Three examples of stacking attempts. In (A) and (B), the algorithm successfully stacked up cubes and cuboids to the maximum height of 12. In C, the algorithm placed the 10th object in a way that violates Eq. (1). In (D), the images obtained from the different camera angles are shown for the failed stacking attempt in (C).

Fig. 9.
figure 9

Counterbalancing unstable structures. A: frozen, unstable stack; B: collapsing tower; C: successful placement of a counterweight that prevents collapse. Right: success rates for different counterweight types aggregated over 50 episodes.

The stacking process commences with the first object being placed at the scene centre. The object at place r in the stacking queue is always spawned at a fixed height \(h_r\) above the current tower trunk and candidate positions are sampled in the x-y-plane at \(z=h_r\) according to the simulated annealing process described in Sect. 5.1. If no stable position is identified for a particular object (i.e. logistic regression score \(<0.5\)), it is put aside and disregarded for the rest of the process. The process is iterated until the placement of an object results in the collapse of the stack or no more objects are available.

In Fig. 7, we report achieved stack heights for two differently trained models in the three scenarios with cubes, cuboids and CCS, respectively. For each stacking episode, the algorithm is given a pool of 12 randomised objects. However, CCS scenarios always include exactly two spheres, so the maximum achievable height in this case is 11. We compare two stability predictors: One trained on cubes only (blue bars) and one trained on CSS objects (orange bars). The CCS stability predictor clearly outperforms the one trained on cubes only in all three scenarios.
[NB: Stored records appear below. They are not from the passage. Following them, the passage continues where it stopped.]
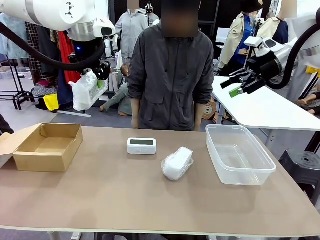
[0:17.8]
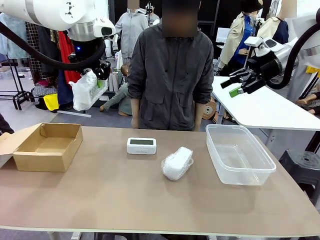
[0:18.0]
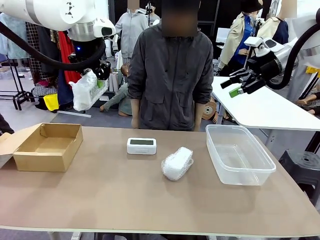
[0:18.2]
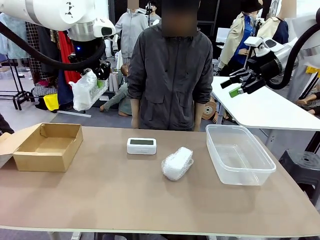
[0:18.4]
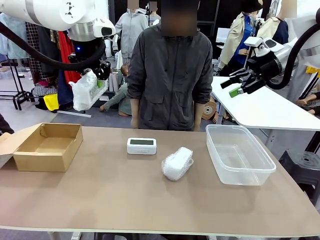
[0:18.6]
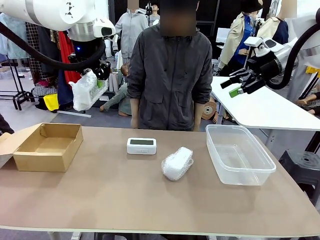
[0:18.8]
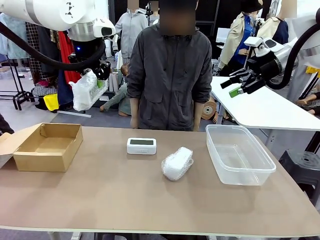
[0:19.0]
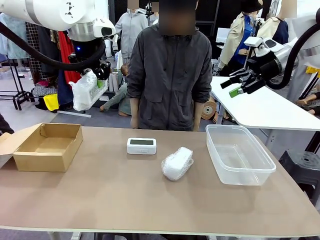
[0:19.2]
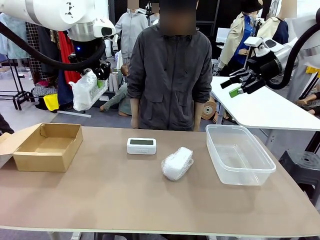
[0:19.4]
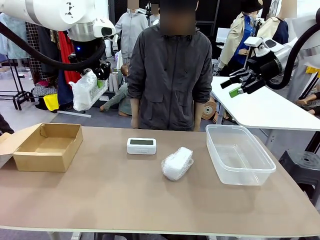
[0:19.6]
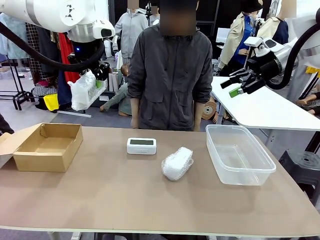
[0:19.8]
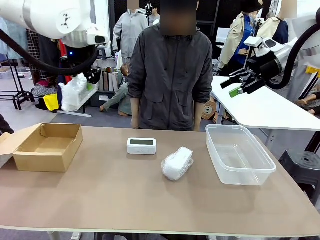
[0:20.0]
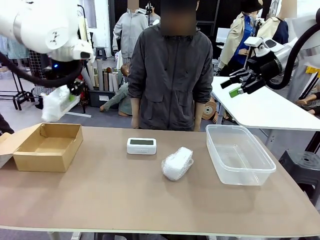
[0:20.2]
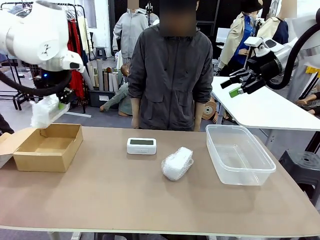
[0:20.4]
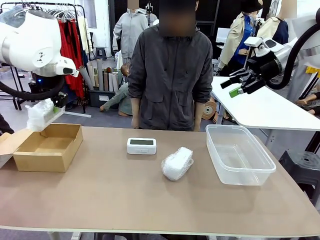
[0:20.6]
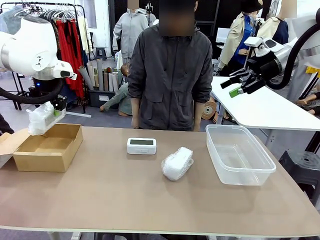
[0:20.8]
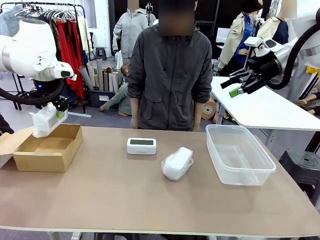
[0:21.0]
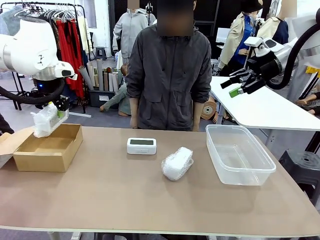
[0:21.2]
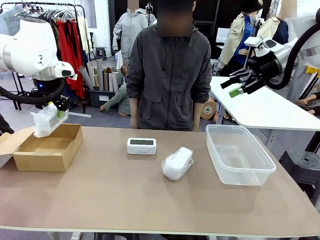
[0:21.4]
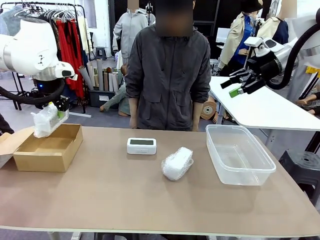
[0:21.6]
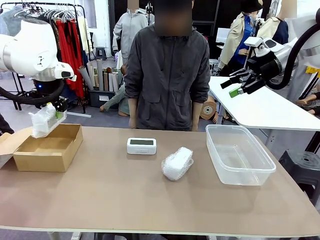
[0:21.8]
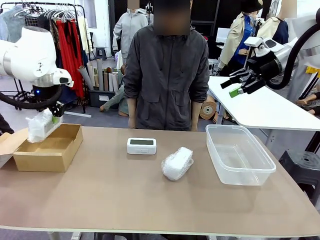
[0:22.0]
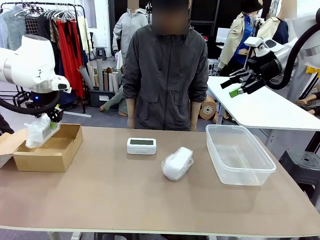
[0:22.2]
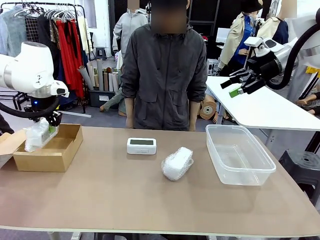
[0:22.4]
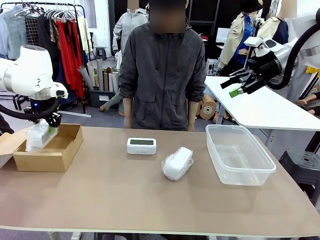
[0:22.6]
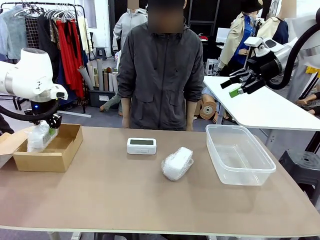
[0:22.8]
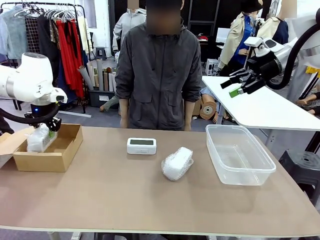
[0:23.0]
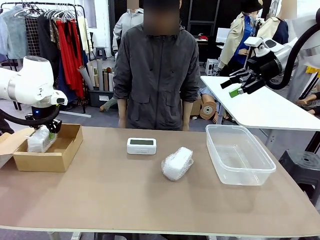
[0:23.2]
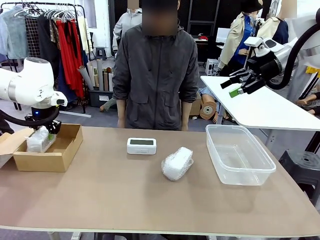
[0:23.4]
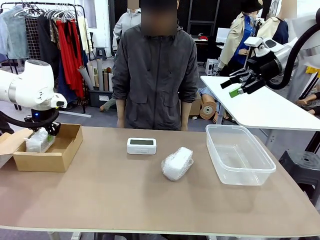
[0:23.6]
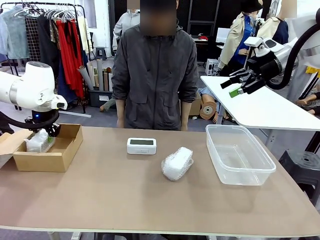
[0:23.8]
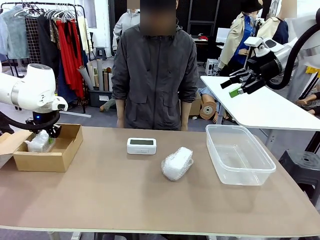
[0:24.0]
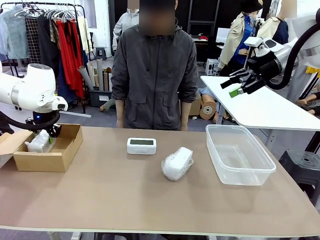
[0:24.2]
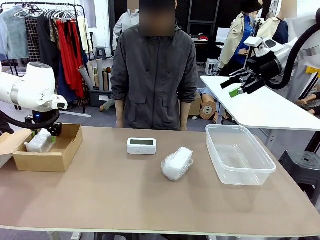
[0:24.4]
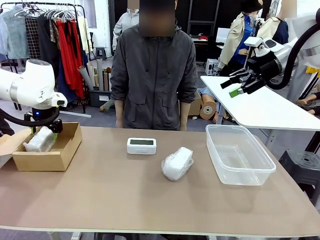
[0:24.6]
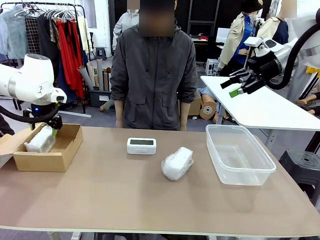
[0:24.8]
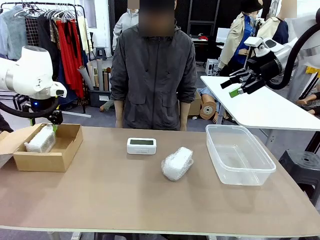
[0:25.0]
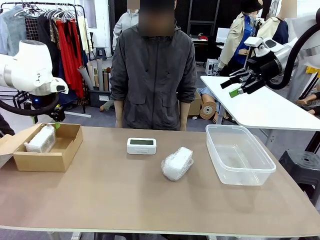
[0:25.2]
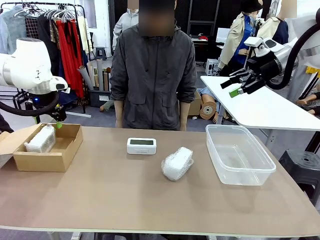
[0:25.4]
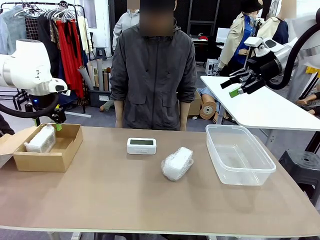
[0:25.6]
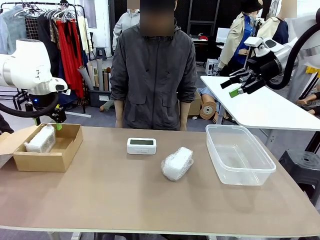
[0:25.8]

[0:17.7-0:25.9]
Task: Separate and place wrapped and unwrapped clocks.
Robot: If the picked Digital clock is wrapped, place it in the Package Box ; if not, place it in the Organizing box.

In fact, the cubes predictor only manages perform decently on cube stacking and largely fails when confronted with varied shapes highlighting the importance of training on a diverse shape set.

5.3 Balancing Unstable Structures

In the final task, we present our model with an unstable stack, freeze it such that it does not collapse, and then ask the algorithm to place an additional object on top to counter-balance the instability. This is a subtle task that requires the model to understand the concept of counterbalancing and cannot be solved by simply centering a block on top of the one below. Figure 9 shows that our algorithm successfully solves this task with high probability in an “unstable T scenario” for different types of counterweight objects.

6 Conclusions

We investigate the acquisition of physical intuition and geometric affordances in the context of vision-based, generalised object stacking. To that end, we construct the ShapeStacks dataset featuring diverse stacks of shapes with detailed annotations of mechanical stability violations and release it publicly. We train a visual stability predictor on ShapeStacks which performs commensurately with state-of-the-art on simulated and real world images. Our model also correctly localises structural instabilities, yields an intuitive notion about the stackability of objects and successfully guides a simulated stacking process solely based on visual cues. Our results suggest that an intuitive understanding about physical principles and geometric affordances can be acquired from visual observation and effectively utilised in manipulation tasks.